What do you consider to be the biggest success factors for adopting AI-enabled security solutions?

Several success factors stand out for adopting AI in security. Foremost is the security of the AI itself, including supply chain checks, policies for LLM usage, secret redaction, and prompt hardening. These considerations are top of mind for our team when evaluating or moving away from secure AI products. We also assess the lifecycle of these products, including operational ownership, whether there is a product owner within the SOC or VM, or if it is vendor-driven. Data readiness is another critical factor, encompassing data cleanliness, prompt engineering, and the fidelity of telemetry. Identity management and reliability of data sources are also important. Additionally, we monitor quality measurements such as override rates, SLA adherence, and the precision of false positive and true positive rates. These are among the primary factors we consider when evaluating the success of adopting an AI security tool.

The issue extends beyond security to include compliance and regulatory considerations. It is crucial to understand how AI is using data, what level of data is being fed into the system, and whether that data remains within the organization’s ecosystem. Once data leaves the organization, it cannot be retrieved, so it is essential to evaluate the impact on the organization’s data set. Success requires a combination of security and other industry pillars to ensure the right guardrails and protections are in place.

A key success factor is ensuring that the adoption of AI-enabled security solutions is led and supported by the security team itself, rather than being driven by other departments such as HR or marketing.
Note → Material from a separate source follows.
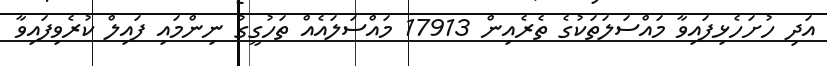
އަދި ހުށަހެޅިފައިވާ މައްސަލަތަކުގެ ތެރެއިން 17913 މައްސަލައެއް ތަހުގީގު ނިންމައި ފައިލް ކުރެވިފައިވާ
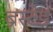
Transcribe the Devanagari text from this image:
ब्रंस्टेड
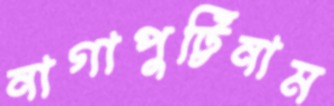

It is important that security has the primary role in evaluating and implementing these tools, rather than having them introduced or partially implemented by other teams before security has had the opportunity to assess them.

Personally, beyond the classic ROI—always a reliable metric—I would evaluate the main success case in terms of the solution’s ability to adapt to future risks. The question I want to answer is: how well can my security system adapt to new threats thanks to AI?

As an energy company adopting AI-enabled security, we succeed when we started with low-risk, high-visibility use cases that build internal trust while improving operational resilience. This typically means using AI for anomaly detection, alert triage or predictive insights rather than immediately delegating decisions to automation.

The organisations that progress fastest deliberately invest in data quality and governance, because AI effectiveness in critical infrastructure depends heavily on clean OT/IT telemetry, asset inventories, and trustworthy pipelines. Also prioritize explainability and accountability, making sure every AI output can be traced, audited, and reviewed – which reduces regulatory friction and ensures operational teams remain confident in the technology.

Operational success also hinges on workforce readiness and cross-functional buy-in. Utilities and energy companies that frame AI as a “force multiplier” rather than a replacement achieve broader adoption and less resistance from engineering, operations, and SOC teams. The most advanced firms embed AI within a strong governance and security architecture, ensuring the AI systems themselves are protected from poisoning, manipulation, and supply-chain vulnerabilities. Across the board, leaders should treat AI as a risk-reduction and reliability enabler, integrating cybersecurity, maintenance, and operational analytics to gain value across departments rather than in isolated tools.

Ultimately, the companies that win with AI in security are those that recognize it’s not just a software deployment but an organizational capability upgrade. They invest in people, governance, data, and cross-team collaboration. That combination — not the algorithm itself — is what drives safer operations, stronger resilience, and measurable efficiency improvements.